In American Building & Loan Association v. Warren, 101 Ark. 169, this court said:
“Ordinarily, possession by a person under a contract of purchase, although unrecorded, is notice of his equitable rights and interests in the property. Actual possession is evidence of some title in the possessor, and puts the subsequent purchaser or mortgagee on notice, as to the title which the occupant holds or claims in the property.
“Generally actual, visible, exclusive possession is notice to the world of the title and interest of the possessor in the property and it is incumbent upon the subse'quent purchaser or mortgagee to make diligent inquiry to learn the nature of the interest and claim of such possessor, and if he does not do so, notice thereof will be imputed to him. Hamilton v. Fowlkes, 16 Ark. 340; Shinn v. Taylor, 28 Ark. 523; Rockafellow v. Oliver, 41 Ark. 169; Atkinson v. Ward, 47 Ark. 537; Strauss v. White, 66 Ark. 167; Talheimer v. Lockhert, 76 Ark. 26; Sproull v. Miles, 82 Ark. 455; Hugh Bros. v. Redus, 90 Ark. 149; 1 Jones on Mortgages (6 ed.), § 589.”
It is true appellee lived in the house with her uncle, John J. Parker, at the time of the execution of this deed of trust and that she had succeeded to the rights of her father, who died in possession of the premises under the title bond executed by Ed. Bell, but such occupancy can not be regarded as possession, which, under the law, would require the purchaser or mortgagee to take notice of any equities she might have in the land. 39 Cyc. 1766cc;L endley v. Martindale, 78 Iowa 379, 43 N. W. 233; Rankin v. Coar, 46 N. J. Eq. 566; 22 Atl. 177; 11 L. R. A. 661. She was but a small girl, living in the house with her uncle and his family, who was in the actual, open, visible possession of the lands, claiming to be the owner thereof under a deed of conveyance of record, showing him to be. such owner. It can not be said that she was in the actual visible and exclusive possession of such premises under a claim of right which compels the purchaser or mortgagee to take notice of the equities or claims of the person in possession. If appellant had even been upon the premises and seen the family of John Parker, it would not have occurred to him as a prudent person to inquire if the infant girl was his own or the child of his brother living with the family, and certainly it could not have occurred to him that she was in the possession of the premises under the circumstances.
Appellee was an infant and was imposed upon and defrauded by her uncle, who fraudulently acquired the deed conveying the title to the lands which should have passed to her upon payment of the remainder of the purchase money, but appellant occupies the position of an innocent purchaser in the transaction, for value, and without notice of any equitable claims or rights of appellee, affecting the title to the lands and is equally entitled to the protection of a court, of equity, and “where the equities are equal the law will prevail.” It has been said, “No one can occupy in a court of equity higher ground than the purchaser for value, without notice, for if he can maintain that position his title is established and his position impregnable.” 23 A. & E. Enc. of Law, pp. 475-6; Sorrell v. Sorrell, 4 Ark. 301.

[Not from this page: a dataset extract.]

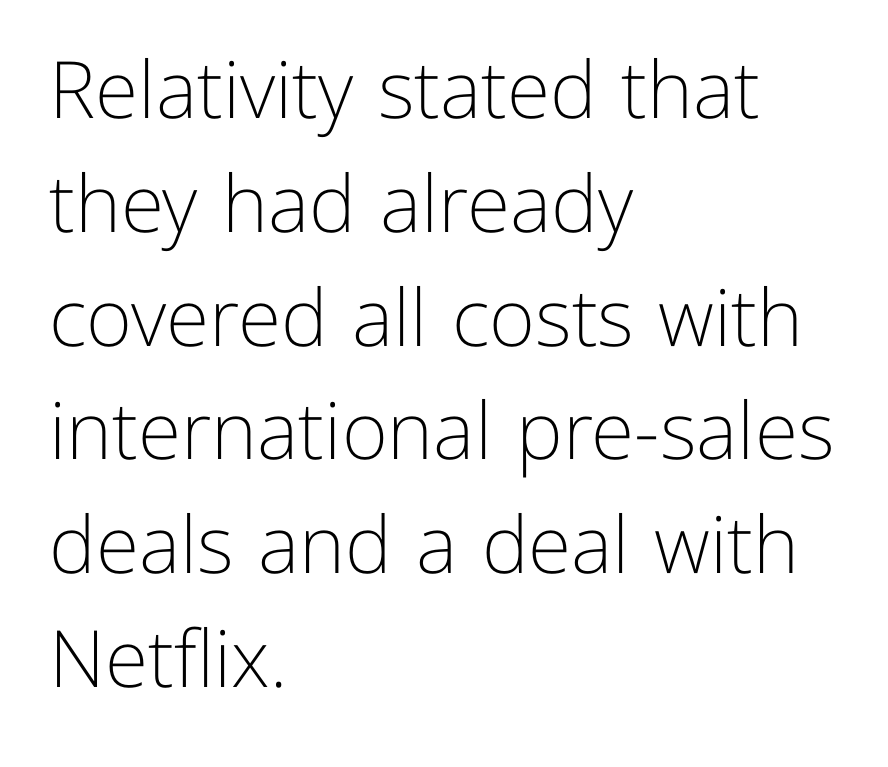
{"serif": "no", "italic": "no", "bold": "no", "weight": "light", "width": "normal", "stroke_contrast": "low", "x_height": "medium", "monospaced": "no", "underline": "no", "align": "left", "line_spacing": "normal", "line_spacing_ratio": 1.44, "letter_spacing": "normal", "letter_spacing_em": 0.0, "glyph_px": 79}

Appellee was entitled to the lands as against the heirs of John Parker, but could have been charged with the balance due upon the lands paid by him which was more than extinguished by the personal property of appellee’s'father converted to his own use and as between them would have the right to the lands free of any lien for the payment of the balance of the purchase money.
As against the cestui qui trust, A. Bubel, who occupies the position of an innocent purchaser, for value without notice, she is entitled to the lands after payment of the amount due him under the mortgage, -with interest. The testimony shows, however, that he collected in different- amounts from John Parker after he learned of the rights and equities of appellee in the land, $50, which was for rent of this land, $75, in all, which he applied upon another indebtedness of John Parker, due him secured by mortgage on personalty. Under these circumstances, we think equity requires3 that he shall be charged with such sums in the settlement of his debt against the land, and is entitled to recover only the difference between the said sum of $75 and the amount of the $200 loan, and interest, secured by the trust deed. Upon the payment of this amount the deed of trust should be cancelled, and the title to the property vested in appellee. The conveyance to John Parker should not be cancelled, but he should be declared a trustee, holding the title thereto for her benefit, and the decree will vest the whole legal title in appellee subject only to the payment of the balance due on the indebtedness secured bv the deed of trust as indicated herein. The judgment is reversed and the cause remanded with directions to enter a decree in accordance with this opinion.